(Work instruction)
Where an entry holds an image, leave the image out; otherwise reproduce the entry exactly.
Start of Block
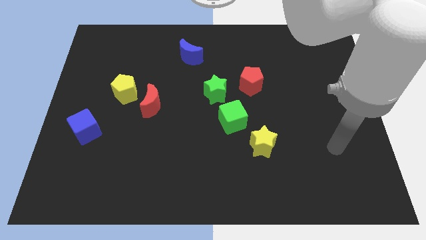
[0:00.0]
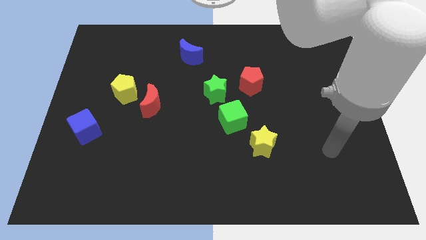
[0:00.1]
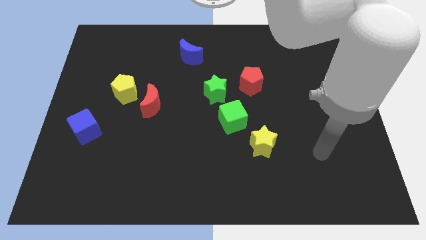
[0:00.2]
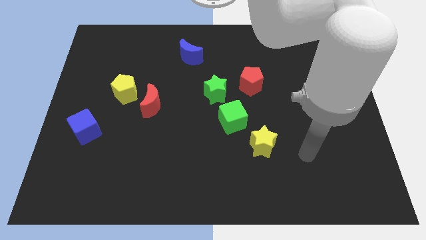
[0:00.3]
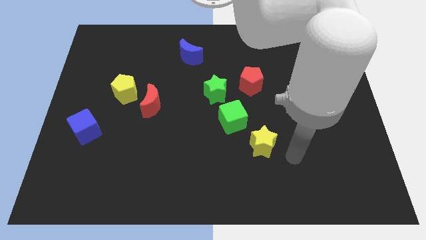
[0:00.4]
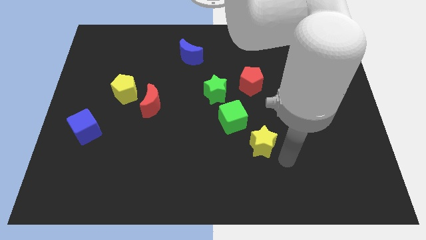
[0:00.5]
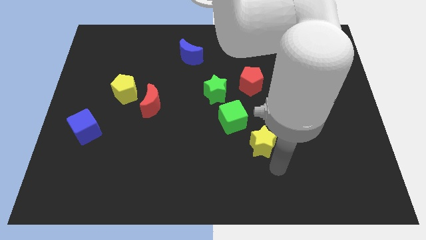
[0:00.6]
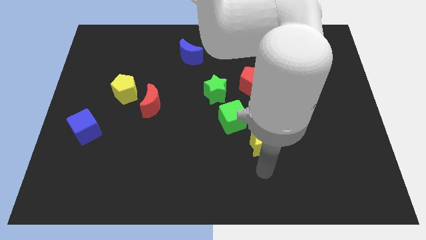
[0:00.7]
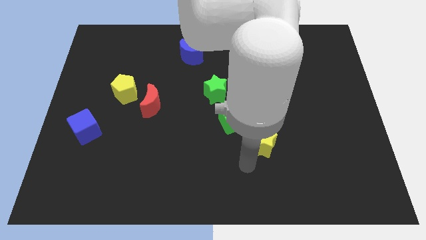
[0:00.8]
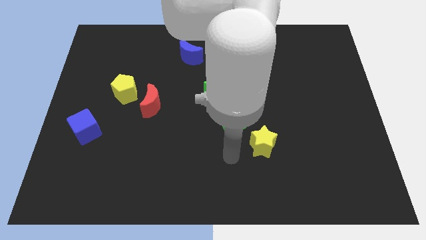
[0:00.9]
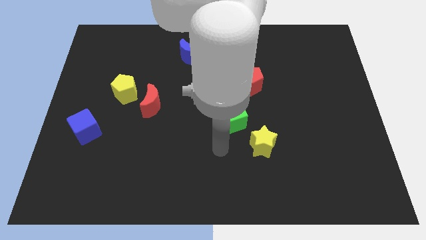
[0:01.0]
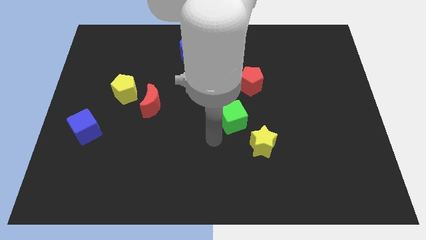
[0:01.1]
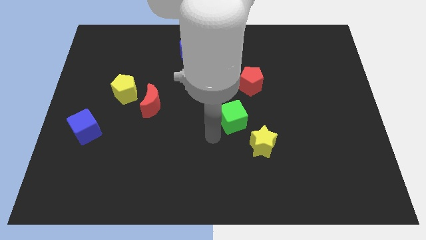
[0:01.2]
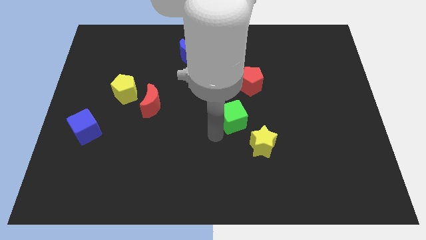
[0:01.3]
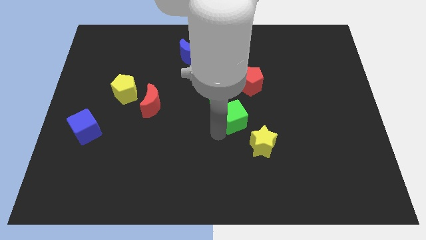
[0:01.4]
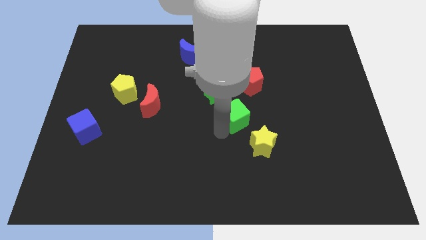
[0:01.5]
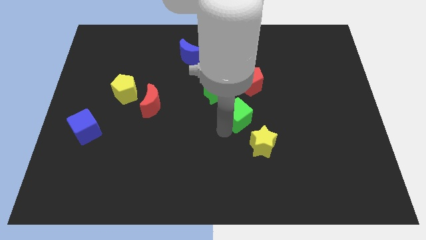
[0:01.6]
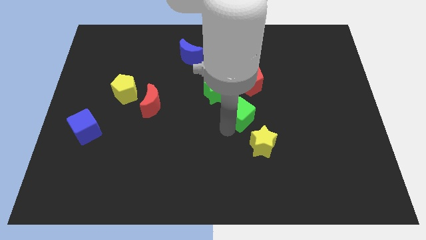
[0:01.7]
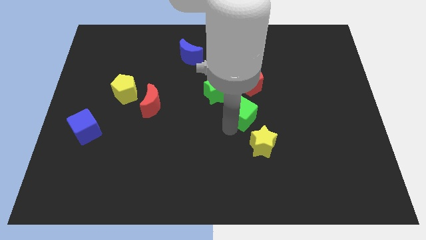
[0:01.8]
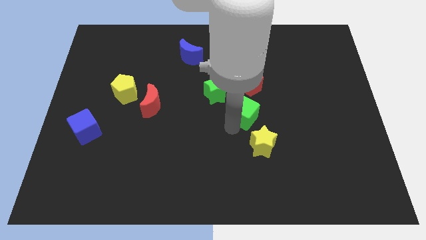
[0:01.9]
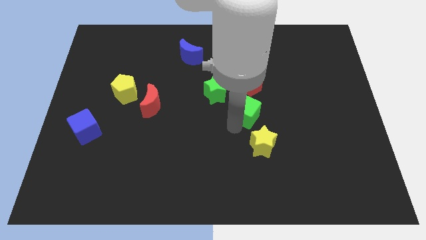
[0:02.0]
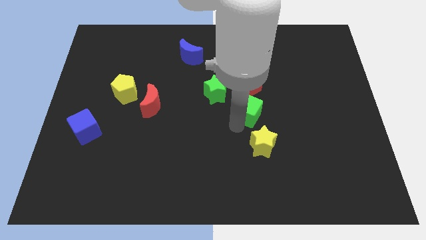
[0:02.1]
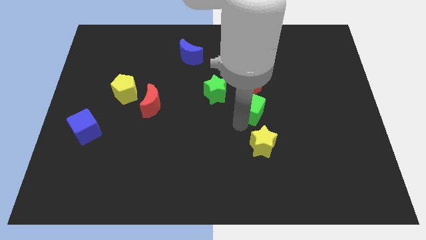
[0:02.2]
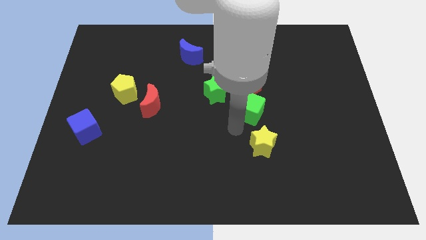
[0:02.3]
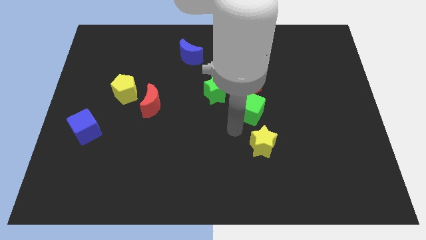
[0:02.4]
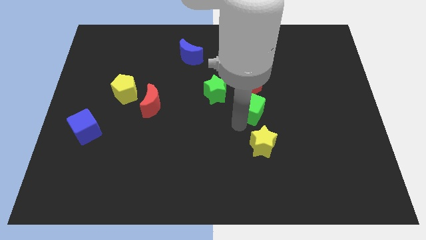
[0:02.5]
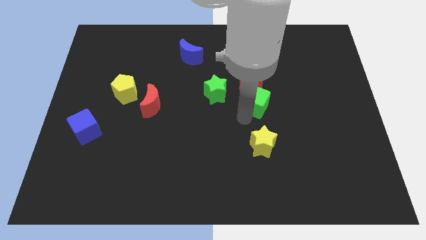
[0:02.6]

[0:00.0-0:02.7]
End of Block
(Your response)
[0:00.0]
[0:00.1]
[0:00.2]
[0:00.3]
[0:00.4]
[0:00.5]
[0:00.6]
[0:00.7]
[0:00.8]
[0:00.9]
[0:01.0]
[0:01.1]
[0:01.2]
[0:01.3]
[0:01.4]
[0:01.5]
[0:01.6]
[0:01.7]
[0:01.8]
[0:01.9]
[0:02.0]
[0:02.1]
[0:02.2]
[0:02.3]
[0:02.4]
[0:02.5]
[0:02.6]

[0:00.0-0:02.7]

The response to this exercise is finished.